1. Aguirre, G.K., Zarahn, E., D'esposito, M., 1998. The variability of human, BOLD hemodynamic responses. Neuroimage, 8, 360-9.

2. Handwerker, D.A., Ollinger, J.M., D'Esposito, M., 2004. Variation of BOLD hemodynamic responses across subjects and brain regions and their effects on statistical analyses. Neuroimage 21, 1639-51.

3. Taylor, A.J., Kim, J.H., Ress, D., 2018. Characterization of the hemodynamic response function across the majority of human cerebral cortex. Neuroimage 173, 322-331.

4. Fischl, B., Sereno, M.I., Dale, A.M., 1999. Cortical surface-based analysis. II: Inflation, flattening, and a surface-based coordinate system. NeuroImage 9, 195-207.

Figures

Figure 1. Methods. (a) The visual stimulation pattern included three sequential patches of flickering colored dots accompained by white noise audio frequencies. Stimulation was followed by a 28-second fixation task and repeated. (b) Functional data were collected across whole cortex. Data analysis included (c) characterization of the mean HRF time series for each voxel to obtain time-to-peak (TTP), FWHM, and peak amplitude.
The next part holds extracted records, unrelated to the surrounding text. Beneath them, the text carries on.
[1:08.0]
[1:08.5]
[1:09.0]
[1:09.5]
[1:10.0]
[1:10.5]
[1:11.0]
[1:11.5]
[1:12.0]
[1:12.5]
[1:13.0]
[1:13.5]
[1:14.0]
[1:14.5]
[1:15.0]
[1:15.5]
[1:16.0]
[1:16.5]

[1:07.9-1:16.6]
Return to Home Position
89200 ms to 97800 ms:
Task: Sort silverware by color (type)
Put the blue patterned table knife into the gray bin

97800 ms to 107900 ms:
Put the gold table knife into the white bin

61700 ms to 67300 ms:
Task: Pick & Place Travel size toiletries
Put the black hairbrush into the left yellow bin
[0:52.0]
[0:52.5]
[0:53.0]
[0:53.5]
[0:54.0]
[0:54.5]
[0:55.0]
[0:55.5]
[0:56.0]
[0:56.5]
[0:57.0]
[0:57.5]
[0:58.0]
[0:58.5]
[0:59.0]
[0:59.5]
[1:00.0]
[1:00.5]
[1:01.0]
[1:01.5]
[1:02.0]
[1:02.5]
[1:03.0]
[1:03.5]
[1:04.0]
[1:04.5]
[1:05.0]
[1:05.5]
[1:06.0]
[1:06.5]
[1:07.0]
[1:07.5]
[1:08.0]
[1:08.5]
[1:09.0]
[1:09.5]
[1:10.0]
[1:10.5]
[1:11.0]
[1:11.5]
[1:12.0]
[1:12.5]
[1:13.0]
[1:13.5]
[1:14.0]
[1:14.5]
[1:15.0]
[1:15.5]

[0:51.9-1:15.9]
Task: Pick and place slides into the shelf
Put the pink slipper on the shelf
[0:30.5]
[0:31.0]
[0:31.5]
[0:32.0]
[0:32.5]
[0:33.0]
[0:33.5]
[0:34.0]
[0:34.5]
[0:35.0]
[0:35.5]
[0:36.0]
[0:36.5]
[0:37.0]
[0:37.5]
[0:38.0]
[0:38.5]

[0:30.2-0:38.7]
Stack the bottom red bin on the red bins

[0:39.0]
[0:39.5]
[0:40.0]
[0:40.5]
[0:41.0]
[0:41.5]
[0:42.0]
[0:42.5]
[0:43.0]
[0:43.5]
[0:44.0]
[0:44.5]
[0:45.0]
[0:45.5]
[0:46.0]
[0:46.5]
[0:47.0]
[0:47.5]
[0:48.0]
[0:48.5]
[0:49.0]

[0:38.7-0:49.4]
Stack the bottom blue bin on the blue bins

Figure 2. Parametric results. HRF parameters mapped across four time points in one subject. Activation and peak amplitude have strong correlation over time, while temporal parameters are much less correlated.

Figure 3. Principal component analysis. First (a) and second (b) principal components of HRF time series are highly correlated across four time points for eight subjects. The mean and standard deviation of the principal components are shown as insets for each subject.